About this task>
Where a line below carries the word "height", include it in the count, then give the count alone.
· · ·
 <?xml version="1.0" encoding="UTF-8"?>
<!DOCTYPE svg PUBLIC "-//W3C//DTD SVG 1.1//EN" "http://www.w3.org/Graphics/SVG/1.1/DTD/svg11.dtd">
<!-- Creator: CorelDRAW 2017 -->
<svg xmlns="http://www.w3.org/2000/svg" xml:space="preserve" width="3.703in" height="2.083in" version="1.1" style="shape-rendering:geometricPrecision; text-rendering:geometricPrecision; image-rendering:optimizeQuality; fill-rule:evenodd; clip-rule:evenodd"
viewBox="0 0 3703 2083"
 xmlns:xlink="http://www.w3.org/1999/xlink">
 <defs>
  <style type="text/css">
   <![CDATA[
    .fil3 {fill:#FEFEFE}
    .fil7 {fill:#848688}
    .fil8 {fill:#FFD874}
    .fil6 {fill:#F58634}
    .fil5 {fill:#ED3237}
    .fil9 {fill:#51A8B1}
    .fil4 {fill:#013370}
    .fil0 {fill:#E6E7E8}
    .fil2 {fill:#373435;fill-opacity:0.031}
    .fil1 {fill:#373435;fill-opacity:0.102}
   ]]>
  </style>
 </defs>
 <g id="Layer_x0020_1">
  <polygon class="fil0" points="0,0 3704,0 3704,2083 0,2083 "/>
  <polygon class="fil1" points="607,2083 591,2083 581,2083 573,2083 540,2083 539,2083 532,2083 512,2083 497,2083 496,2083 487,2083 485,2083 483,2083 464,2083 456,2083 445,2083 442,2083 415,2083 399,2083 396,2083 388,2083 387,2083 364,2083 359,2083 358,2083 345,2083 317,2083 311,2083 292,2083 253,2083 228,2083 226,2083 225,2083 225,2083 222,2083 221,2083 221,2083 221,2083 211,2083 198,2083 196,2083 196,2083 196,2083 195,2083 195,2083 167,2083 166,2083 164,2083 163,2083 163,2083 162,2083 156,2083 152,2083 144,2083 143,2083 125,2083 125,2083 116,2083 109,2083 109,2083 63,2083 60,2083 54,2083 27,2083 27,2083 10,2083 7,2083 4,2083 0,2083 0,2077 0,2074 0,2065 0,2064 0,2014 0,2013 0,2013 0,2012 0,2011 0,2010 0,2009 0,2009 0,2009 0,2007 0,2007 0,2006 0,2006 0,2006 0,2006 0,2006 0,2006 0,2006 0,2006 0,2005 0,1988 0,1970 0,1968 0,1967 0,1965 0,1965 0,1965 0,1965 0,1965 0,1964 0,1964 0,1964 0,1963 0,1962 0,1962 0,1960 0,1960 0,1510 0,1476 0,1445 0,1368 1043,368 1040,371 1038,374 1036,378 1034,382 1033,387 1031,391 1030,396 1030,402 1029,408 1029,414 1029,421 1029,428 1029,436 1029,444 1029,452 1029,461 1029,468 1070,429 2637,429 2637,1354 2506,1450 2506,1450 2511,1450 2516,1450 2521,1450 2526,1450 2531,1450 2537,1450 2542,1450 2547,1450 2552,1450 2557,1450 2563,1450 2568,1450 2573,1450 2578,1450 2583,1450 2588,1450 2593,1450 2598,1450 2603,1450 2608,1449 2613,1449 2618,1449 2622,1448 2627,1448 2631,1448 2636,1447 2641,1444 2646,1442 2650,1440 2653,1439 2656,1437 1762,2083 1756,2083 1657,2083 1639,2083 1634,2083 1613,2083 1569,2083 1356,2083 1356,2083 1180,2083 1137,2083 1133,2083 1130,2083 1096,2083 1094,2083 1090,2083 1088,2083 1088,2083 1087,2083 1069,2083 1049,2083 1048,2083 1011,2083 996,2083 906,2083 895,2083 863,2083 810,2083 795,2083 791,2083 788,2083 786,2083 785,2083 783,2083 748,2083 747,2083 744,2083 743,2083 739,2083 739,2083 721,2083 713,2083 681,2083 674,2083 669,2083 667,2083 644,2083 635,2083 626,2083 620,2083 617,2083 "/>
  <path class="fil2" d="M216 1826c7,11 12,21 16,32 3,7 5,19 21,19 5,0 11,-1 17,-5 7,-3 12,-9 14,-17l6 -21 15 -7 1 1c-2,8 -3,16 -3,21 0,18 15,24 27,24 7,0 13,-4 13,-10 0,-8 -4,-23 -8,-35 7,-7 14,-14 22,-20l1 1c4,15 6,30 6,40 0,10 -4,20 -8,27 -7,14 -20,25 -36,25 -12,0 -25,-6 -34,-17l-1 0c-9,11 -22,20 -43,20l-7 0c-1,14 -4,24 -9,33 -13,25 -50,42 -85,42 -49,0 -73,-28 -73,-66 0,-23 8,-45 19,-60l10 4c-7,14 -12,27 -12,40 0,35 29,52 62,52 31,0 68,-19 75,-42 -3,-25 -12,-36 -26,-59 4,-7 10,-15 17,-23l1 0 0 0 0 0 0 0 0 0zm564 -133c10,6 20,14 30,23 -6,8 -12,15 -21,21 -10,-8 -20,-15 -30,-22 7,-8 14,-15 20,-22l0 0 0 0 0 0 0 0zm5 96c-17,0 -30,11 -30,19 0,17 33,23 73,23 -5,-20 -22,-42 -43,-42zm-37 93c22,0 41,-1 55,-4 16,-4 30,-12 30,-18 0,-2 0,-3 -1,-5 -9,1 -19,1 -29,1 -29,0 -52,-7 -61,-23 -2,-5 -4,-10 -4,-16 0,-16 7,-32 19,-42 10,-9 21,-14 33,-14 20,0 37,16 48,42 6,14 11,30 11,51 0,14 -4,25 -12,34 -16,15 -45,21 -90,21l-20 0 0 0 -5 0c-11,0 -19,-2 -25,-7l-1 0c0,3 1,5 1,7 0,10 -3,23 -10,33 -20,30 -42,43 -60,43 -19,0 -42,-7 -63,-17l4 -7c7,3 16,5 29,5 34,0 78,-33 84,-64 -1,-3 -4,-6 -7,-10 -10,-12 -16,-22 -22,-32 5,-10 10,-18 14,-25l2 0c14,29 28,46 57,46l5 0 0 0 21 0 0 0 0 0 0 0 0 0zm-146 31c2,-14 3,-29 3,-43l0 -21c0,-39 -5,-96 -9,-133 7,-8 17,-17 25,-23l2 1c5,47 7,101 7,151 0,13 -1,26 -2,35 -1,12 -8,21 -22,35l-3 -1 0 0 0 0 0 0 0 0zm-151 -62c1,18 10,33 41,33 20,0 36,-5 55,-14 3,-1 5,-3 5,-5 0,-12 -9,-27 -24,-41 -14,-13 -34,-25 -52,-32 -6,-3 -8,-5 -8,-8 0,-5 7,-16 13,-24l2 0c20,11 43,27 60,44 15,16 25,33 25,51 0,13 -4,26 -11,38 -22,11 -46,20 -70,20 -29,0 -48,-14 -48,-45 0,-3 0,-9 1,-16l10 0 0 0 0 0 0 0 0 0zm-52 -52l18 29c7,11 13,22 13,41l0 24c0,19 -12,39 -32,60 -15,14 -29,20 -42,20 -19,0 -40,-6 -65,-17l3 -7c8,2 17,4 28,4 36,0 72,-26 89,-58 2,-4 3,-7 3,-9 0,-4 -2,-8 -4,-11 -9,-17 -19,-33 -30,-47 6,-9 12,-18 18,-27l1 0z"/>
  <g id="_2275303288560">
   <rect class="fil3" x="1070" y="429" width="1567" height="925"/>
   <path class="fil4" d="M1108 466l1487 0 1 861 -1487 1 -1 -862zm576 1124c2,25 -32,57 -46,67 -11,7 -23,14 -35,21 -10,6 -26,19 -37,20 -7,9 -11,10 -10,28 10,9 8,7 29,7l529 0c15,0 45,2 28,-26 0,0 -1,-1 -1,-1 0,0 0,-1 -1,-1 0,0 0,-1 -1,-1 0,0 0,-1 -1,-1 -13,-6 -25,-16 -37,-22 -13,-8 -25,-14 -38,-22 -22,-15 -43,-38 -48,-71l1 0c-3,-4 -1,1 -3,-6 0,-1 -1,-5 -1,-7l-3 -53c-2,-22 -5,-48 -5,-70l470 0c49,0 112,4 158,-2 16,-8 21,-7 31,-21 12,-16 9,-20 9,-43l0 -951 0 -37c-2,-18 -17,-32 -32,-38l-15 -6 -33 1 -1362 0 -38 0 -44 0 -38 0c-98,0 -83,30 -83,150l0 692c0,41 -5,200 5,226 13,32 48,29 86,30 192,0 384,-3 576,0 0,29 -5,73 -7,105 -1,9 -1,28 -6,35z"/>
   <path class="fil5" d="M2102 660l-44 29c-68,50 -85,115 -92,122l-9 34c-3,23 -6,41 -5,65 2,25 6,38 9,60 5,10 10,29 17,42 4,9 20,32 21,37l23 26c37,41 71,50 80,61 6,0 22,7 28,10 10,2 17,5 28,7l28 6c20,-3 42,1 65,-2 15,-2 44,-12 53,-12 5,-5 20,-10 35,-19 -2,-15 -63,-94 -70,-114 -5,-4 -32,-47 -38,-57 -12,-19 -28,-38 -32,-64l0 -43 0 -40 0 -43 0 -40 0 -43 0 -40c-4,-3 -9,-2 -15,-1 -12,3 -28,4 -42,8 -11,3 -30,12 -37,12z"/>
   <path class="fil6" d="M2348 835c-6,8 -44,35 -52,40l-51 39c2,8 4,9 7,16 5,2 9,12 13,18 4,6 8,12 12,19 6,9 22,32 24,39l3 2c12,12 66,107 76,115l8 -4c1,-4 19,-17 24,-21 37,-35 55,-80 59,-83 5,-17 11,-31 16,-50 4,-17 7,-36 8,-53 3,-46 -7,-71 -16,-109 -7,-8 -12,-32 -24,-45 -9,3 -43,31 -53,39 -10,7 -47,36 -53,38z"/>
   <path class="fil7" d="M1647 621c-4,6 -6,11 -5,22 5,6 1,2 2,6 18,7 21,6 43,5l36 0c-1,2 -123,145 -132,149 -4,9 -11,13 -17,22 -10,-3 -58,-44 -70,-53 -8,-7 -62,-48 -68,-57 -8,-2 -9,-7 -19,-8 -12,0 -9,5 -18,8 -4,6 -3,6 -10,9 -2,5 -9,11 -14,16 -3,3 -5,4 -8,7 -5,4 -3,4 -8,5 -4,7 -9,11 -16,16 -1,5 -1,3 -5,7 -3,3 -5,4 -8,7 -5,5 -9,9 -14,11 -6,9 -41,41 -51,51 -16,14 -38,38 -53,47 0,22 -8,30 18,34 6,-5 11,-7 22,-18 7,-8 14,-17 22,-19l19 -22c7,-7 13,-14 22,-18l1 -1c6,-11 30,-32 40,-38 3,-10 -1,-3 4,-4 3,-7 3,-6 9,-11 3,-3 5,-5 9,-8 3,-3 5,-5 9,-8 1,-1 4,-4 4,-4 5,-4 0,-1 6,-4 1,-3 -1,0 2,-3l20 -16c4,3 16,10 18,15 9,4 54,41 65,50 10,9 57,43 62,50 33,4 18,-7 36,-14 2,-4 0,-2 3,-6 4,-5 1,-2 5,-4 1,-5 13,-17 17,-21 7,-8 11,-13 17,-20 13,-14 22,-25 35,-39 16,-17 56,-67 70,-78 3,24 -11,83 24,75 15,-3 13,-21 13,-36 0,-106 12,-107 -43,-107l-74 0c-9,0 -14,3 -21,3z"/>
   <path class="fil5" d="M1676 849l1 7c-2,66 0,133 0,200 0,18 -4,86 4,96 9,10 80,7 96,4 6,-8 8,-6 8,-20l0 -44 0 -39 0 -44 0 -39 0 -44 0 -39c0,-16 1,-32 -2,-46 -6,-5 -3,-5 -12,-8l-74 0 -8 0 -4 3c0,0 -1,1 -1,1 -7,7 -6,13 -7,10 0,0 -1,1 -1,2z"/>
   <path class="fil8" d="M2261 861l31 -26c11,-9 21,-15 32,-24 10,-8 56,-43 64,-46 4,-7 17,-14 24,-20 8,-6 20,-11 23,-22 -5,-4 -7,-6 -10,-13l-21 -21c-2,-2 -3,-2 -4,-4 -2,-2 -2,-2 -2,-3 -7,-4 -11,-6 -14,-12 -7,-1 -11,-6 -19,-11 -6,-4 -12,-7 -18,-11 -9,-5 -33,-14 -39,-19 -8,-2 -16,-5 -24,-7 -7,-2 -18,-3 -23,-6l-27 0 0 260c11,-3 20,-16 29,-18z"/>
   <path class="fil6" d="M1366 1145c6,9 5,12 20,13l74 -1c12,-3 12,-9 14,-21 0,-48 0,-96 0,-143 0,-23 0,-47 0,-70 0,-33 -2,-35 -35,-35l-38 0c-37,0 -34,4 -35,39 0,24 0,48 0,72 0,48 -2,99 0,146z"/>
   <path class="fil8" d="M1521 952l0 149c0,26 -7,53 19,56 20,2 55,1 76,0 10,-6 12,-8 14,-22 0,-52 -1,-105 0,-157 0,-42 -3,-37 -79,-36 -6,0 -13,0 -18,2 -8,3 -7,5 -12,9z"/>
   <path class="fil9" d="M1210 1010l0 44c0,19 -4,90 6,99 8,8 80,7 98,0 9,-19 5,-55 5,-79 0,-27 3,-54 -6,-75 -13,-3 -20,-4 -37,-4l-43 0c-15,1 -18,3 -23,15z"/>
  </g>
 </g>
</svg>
· · ·
Your response>
2